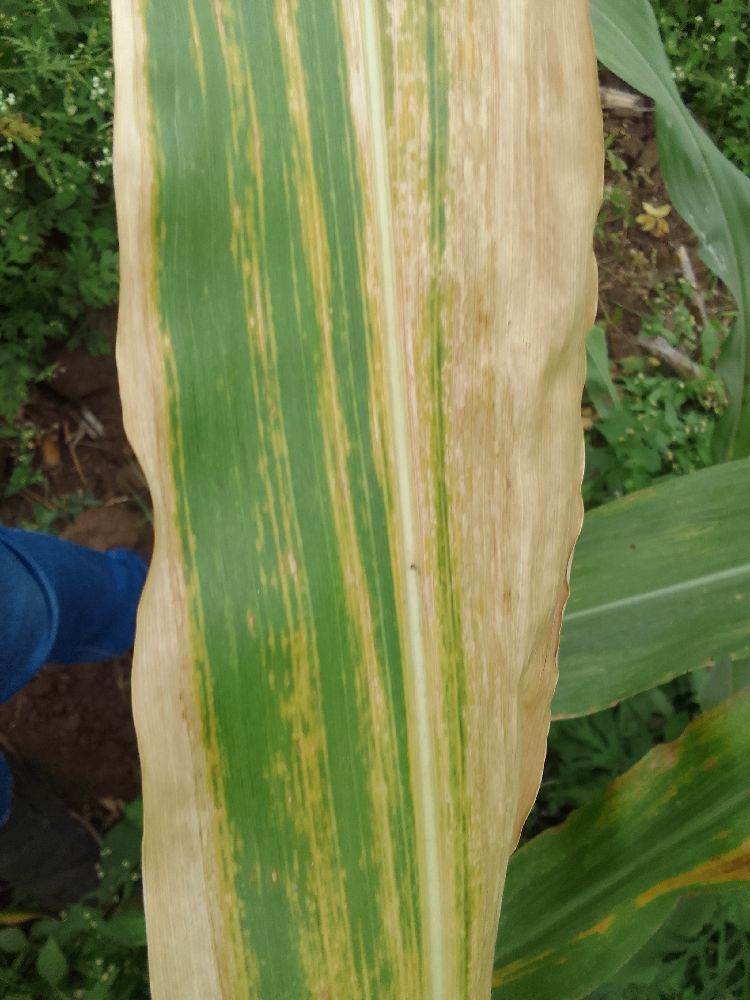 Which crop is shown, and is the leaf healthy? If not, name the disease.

maize, maize lethal necrosis
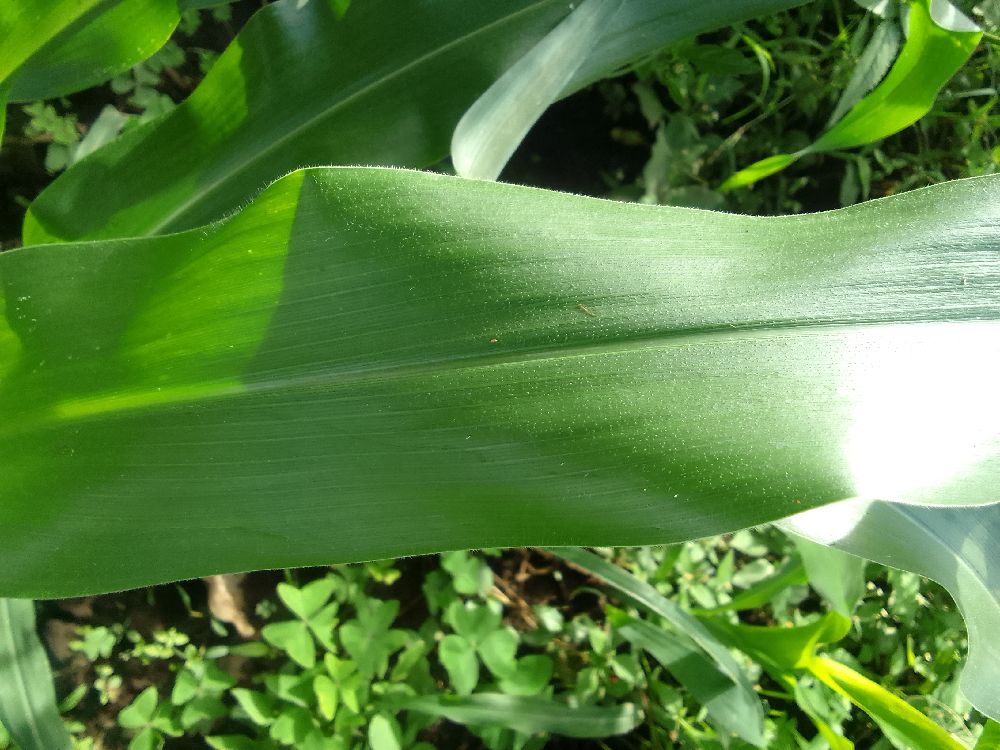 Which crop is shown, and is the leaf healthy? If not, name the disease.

maize, healthy
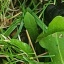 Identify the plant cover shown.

structured weed
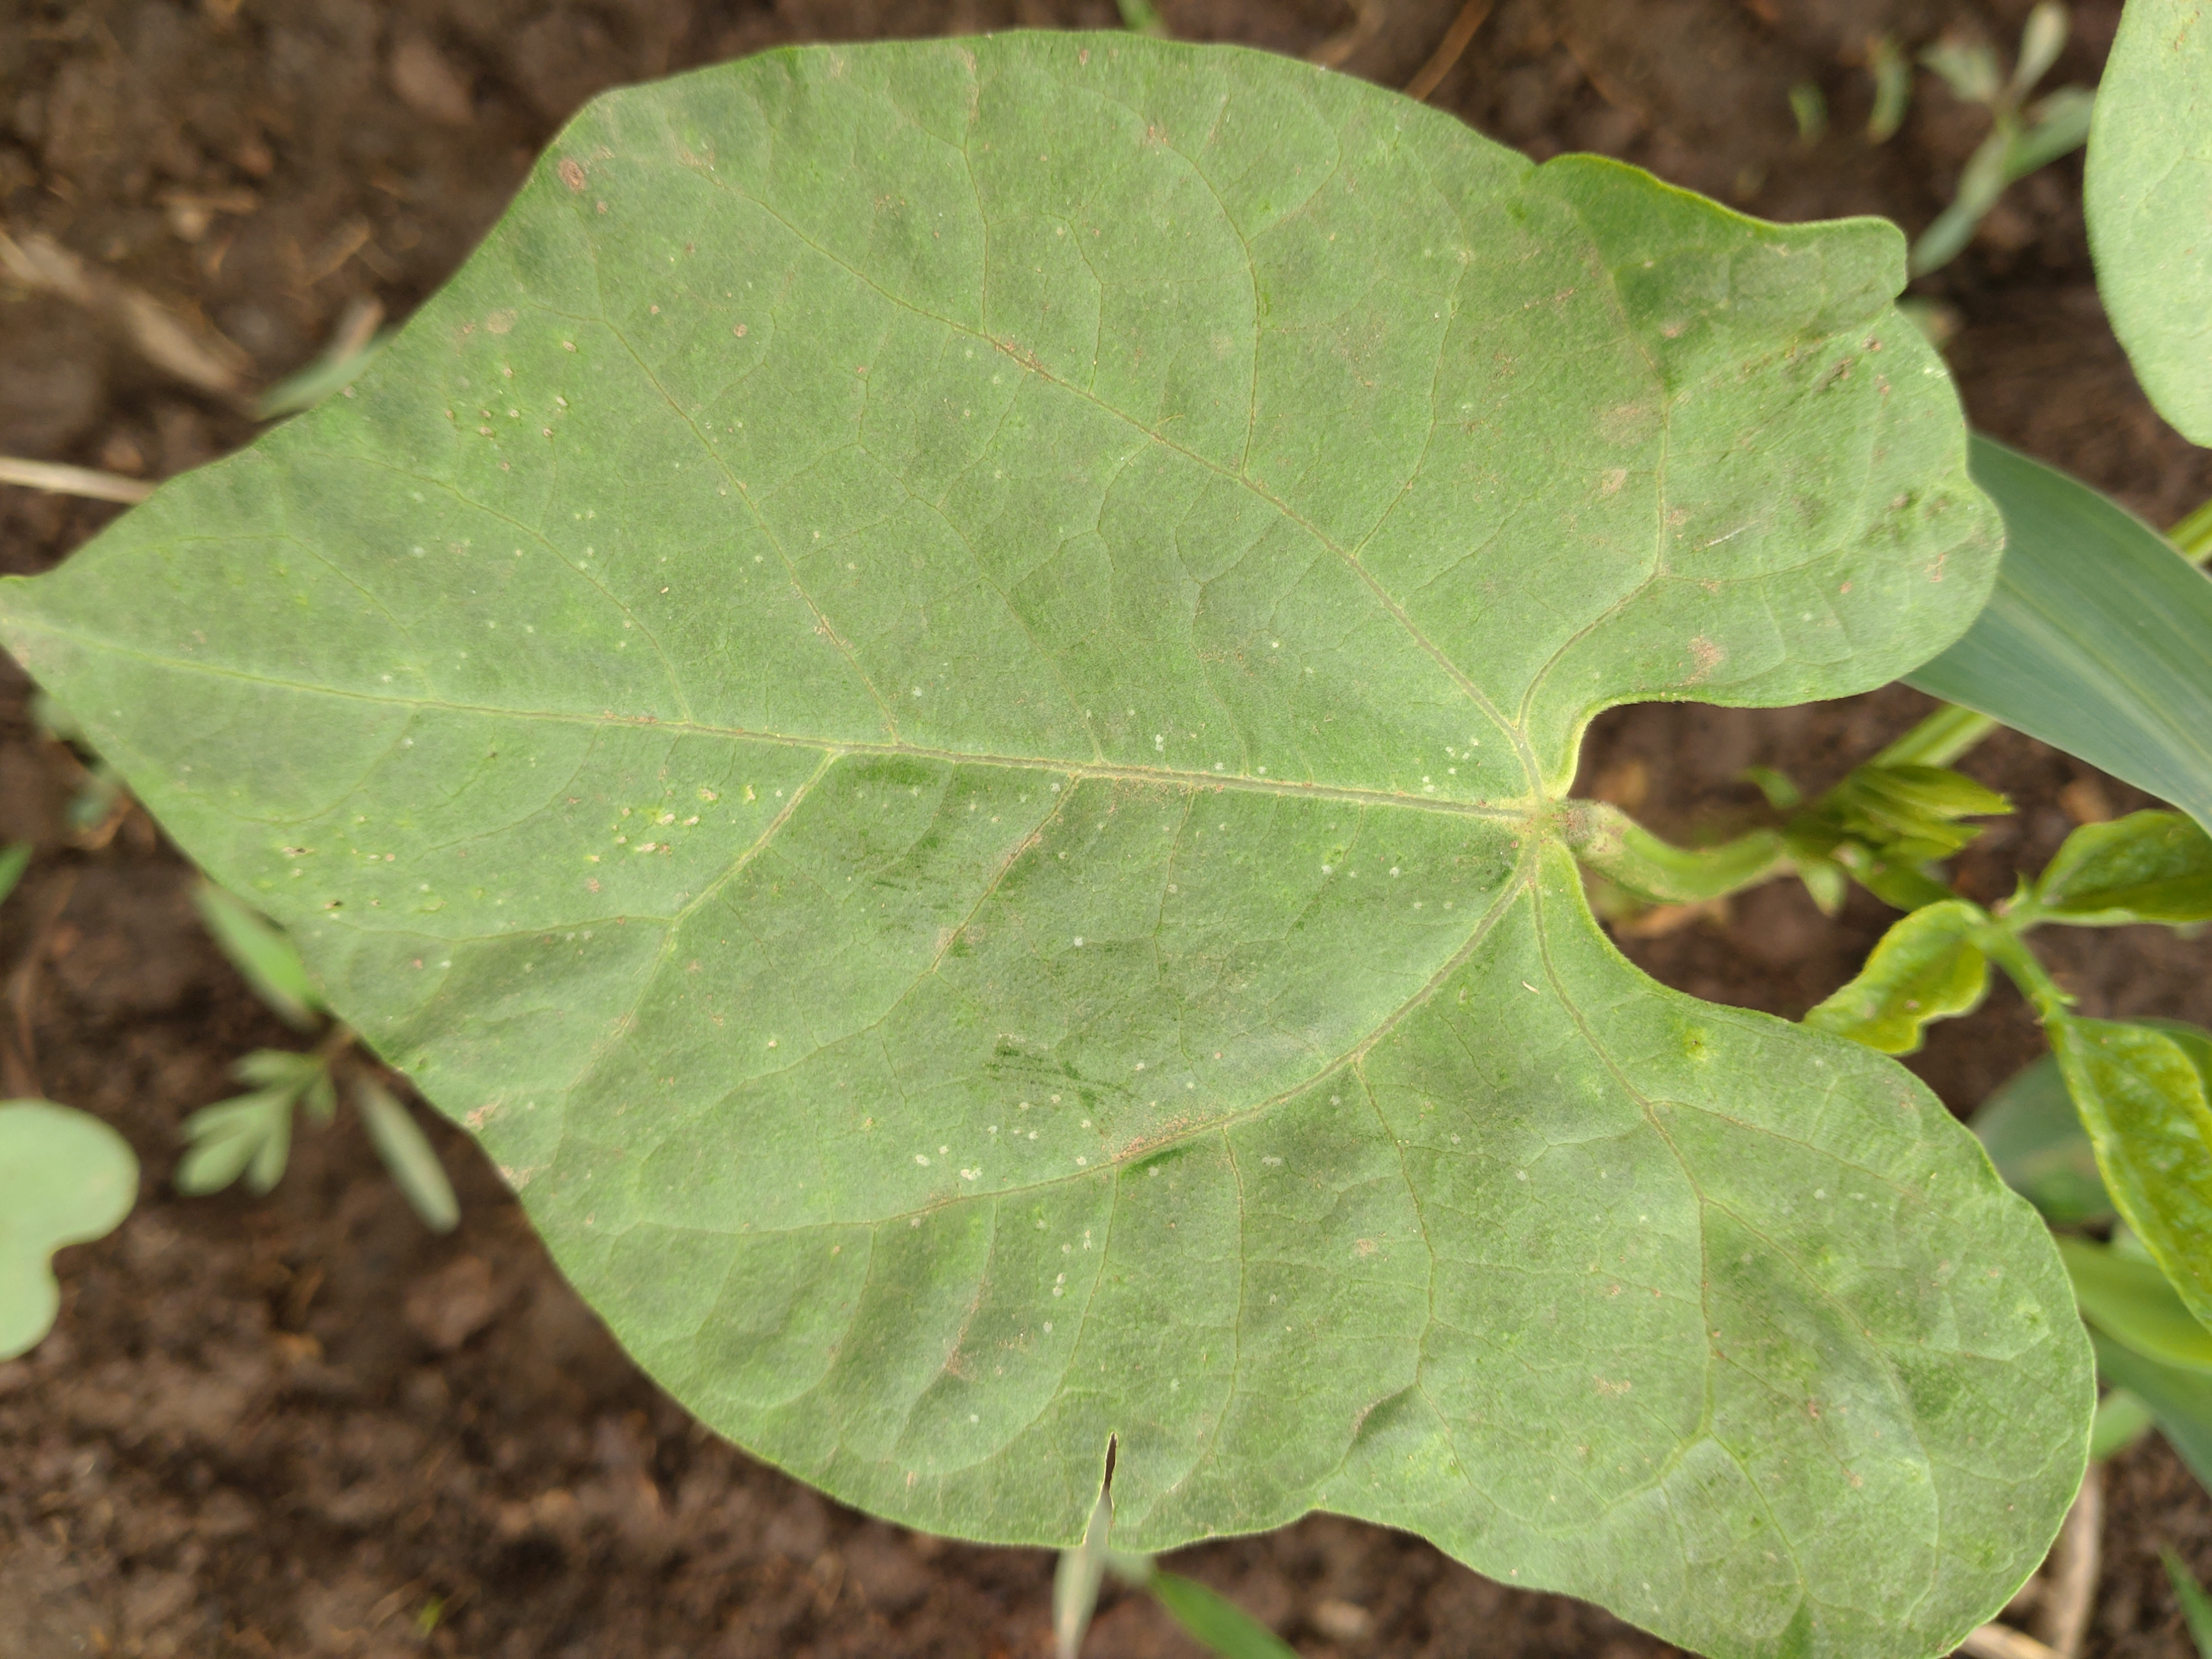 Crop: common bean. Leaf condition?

===============

• _WHAT TO WORK ON_
What this calls for is a word-for-word copy of the listing above, pictures excluded.

• _EXERCISE RESULT_
 Which crop is shown, and is the leaf healthy? If not, name the disease.

maize, maize lethal necrosis
 Which crop is shown, and is the leaf healthy? If not, name the disease.

maize, healthy
 Identify the plant cover shown.

structured weed
 Crop: common bean. Leaf condition?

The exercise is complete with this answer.